Как я не оспариваю права помнить, так не оспариваю и права ненавидеть; согласен даже и на большее, на принципиальное признание не только права, но и долга ненависти. И спор мой против того, что я называю «внутренней эмиграцией», не о принципах, а о гораздо более тонком вопросе, о психологии их применения и искажения.
Долг ненависти — вещь очень страшная и допустимая только там, где немыслимы сомнения в качестве её истоков и кривотолки в отношении её предмета. В обоих направлениях дело с эмигрантской ненавистью обстоит, на мой слух, весьма неблагополучно. Что касается её истоков, то я уже пытался показать, что она коренится не в нетленной памяти о России, а в слишком человеческих растлевающих душу воспоминаниях о безвозвратно прошедших, милых сердцу годах, что она по своей природе душевна, а не духовна, очень понятна, очень близка каждому из нас, но как раз потому и подозрительна в своей правоте. Правда вещь трудная, далекая, и первым попавшимся в сердце естественным чувством она редко бывает.

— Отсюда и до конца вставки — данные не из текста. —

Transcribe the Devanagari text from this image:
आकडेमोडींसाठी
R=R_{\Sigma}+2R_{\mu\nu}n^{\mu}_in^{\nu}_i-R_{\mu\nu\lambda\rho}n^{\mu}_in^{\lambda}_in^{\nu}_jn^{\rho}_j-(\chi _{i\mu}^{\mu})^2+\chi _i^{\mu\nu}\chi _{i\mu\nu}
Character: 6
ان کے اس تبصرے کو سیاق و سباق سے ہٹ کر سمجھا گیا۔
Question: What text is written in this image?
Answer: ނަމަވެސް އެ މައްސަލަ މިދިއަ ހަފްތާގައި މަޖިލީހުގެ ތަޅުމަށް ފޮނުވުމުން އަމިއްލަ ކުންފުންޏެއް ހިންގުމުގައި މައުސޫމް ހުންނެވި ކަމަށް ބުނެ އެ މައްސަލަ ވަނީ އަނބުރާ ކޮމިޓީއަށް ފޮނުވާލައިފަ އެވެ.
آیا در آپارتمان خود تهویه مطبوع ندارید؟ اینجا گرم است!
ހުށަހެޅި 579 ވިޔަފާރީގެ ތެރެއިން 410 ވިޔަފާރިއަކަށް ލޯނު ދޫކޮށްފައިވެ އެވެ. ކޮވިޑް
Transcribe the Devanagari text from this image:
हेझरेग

Но важнее вопроса о качестве эмигрантской ненависти вопрос об её предмете. В этом отношении она не понимает самого основного и детонирует недопустимо.

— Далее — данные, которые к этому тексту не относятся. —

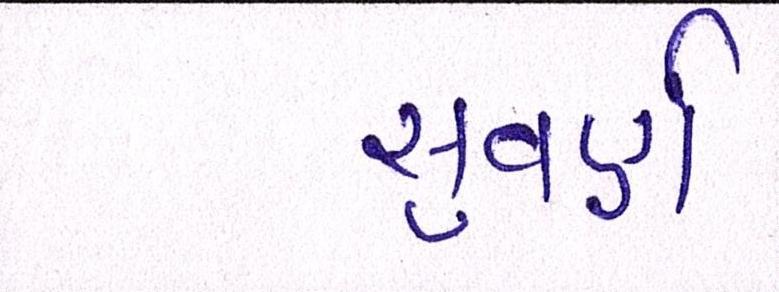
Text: સુવર્ણ
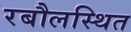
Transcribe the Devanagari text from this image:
रबौलस्थित
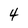
Character: 4

Совершенно забывая, что в эмиграции находятся виновники большевизма (все те, которые проиграли Россию большевикам), в России же (за исключением, конечно, правительства) только его жертвы, они почему-то совсем не чувствуют своей связи (связи во грехе) с большевиками и не отличают большевиков от той России, которую большевики мучают на покинутой эмигрантами территории.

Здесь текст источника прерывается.